Two of the power plants on the Navajo Nation — the Navajo Generating Station in Page and the Four Corners Power Plant near Farmington, New Mexico — are among the country's top emitters of carbon dioxide, releasing 17.8 million short tons and 12.9 million short tons in 2013, respectively. Both have plans to shutter some of the generating units, which will cut down on carbon dioxide emissions that are blamed for heating the planet.

The other two are the natural gas-powered South Point Energy Center on the Fort Mohave Indian Reservation in western Arizona and the coal-fired Bonanza Power Plant on Ute lands in northeastern Utah.

The administration on Monday unveiled its plan to reduce carbon dioxide emissions from U.S. power plants by 30 percent from 2005 levels by 2030.

The EPA said it will publish a supplemental proposal covering the four reservation plants after it gives the public a chance to weigh in on what approaches it could take with the tribes, including multijurisdictional plans with states.

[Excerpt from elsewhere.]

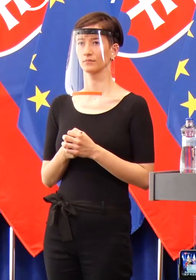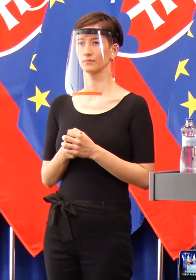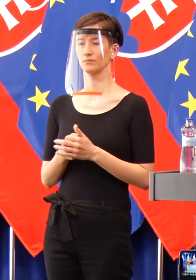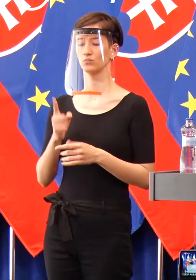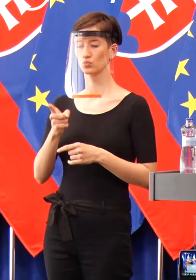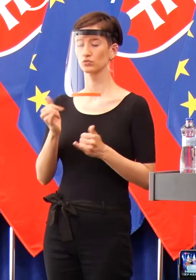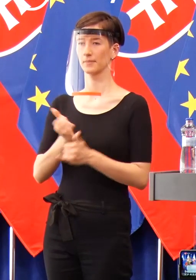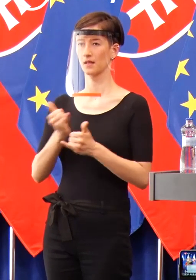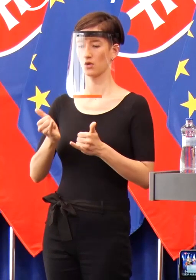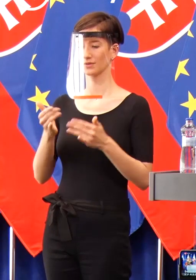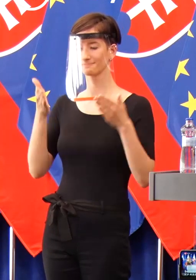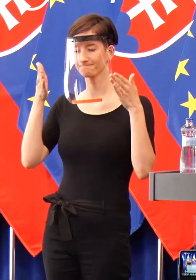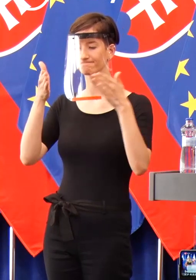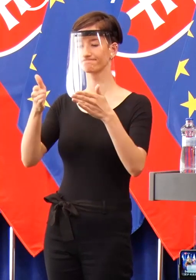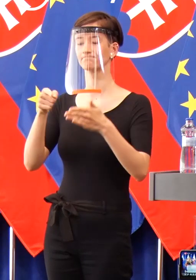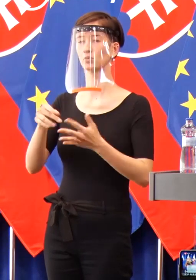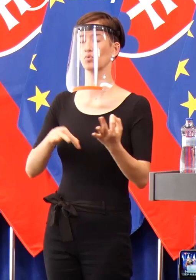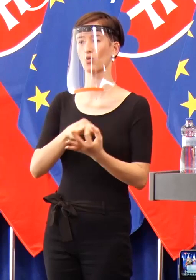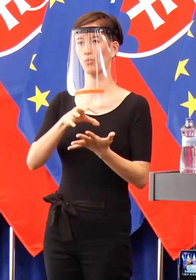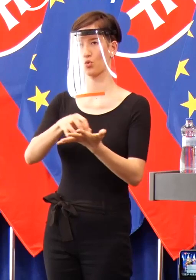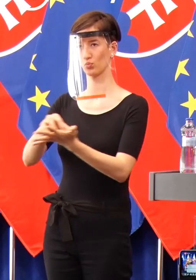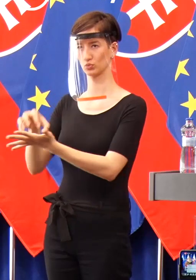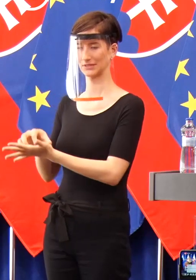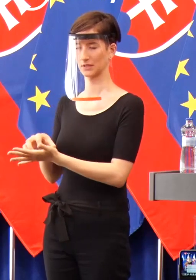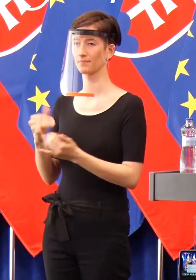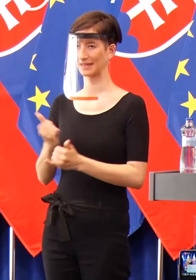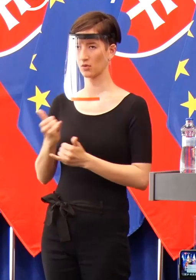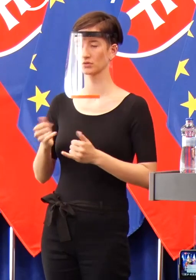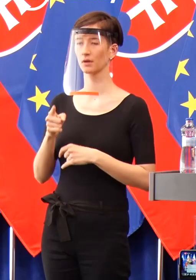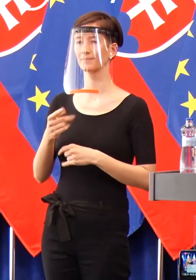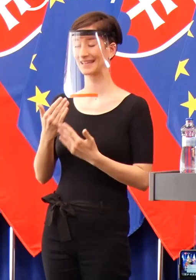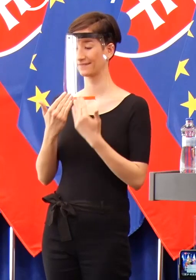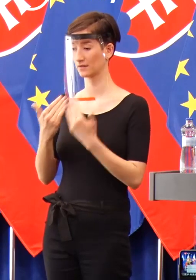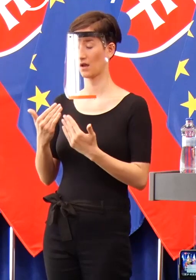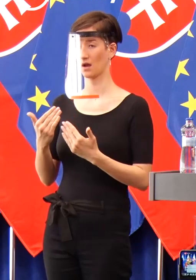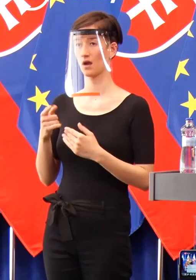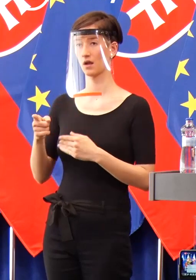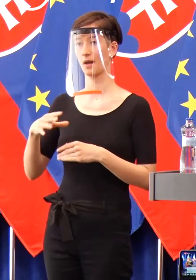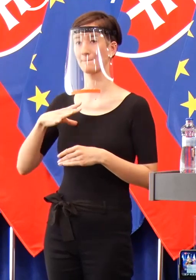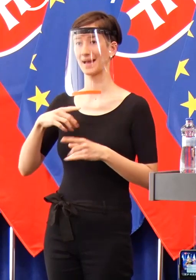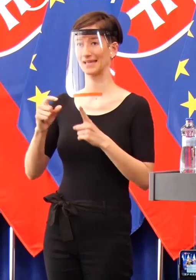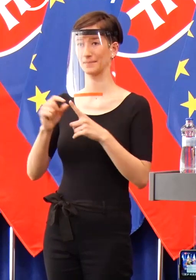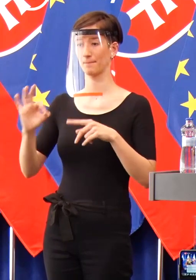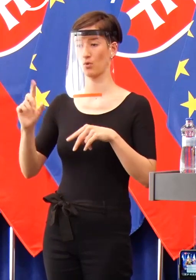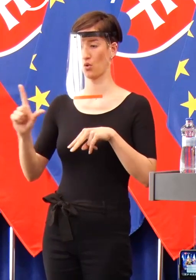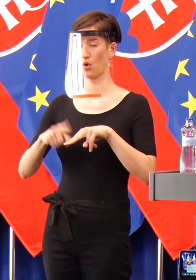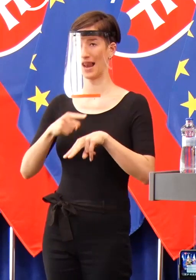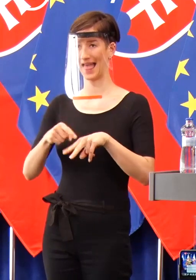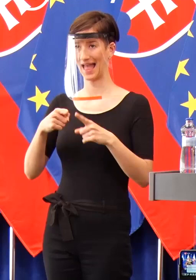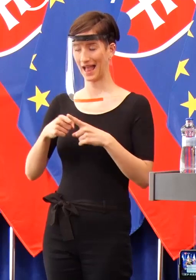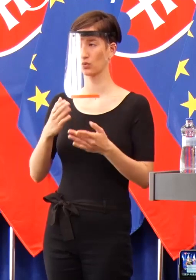marginalizálne rómske komunity. Vďaka pánovi Polákovi sme začali tento boj.

Making a distinction between states and tribes when it comes to the Clean Air Act isn't anything new. The EPA said the approach recognizes tribal sovereignty. But it has drawn criticism because pollution controls could end up being delayed for reservation power plants. Tribes often have fewer resources to develop and implement regulations.

"Once again, it's sort of this gray area jurisdictionally with the emphasis being on state plans yet these facilities are on tribal land, maybe being given a separate category for compliance," said Mike Eisenfeld, of the San Juan Citizens Alliance, an environmental advocacy group. "The bottom line is, they need to be on the same timeline."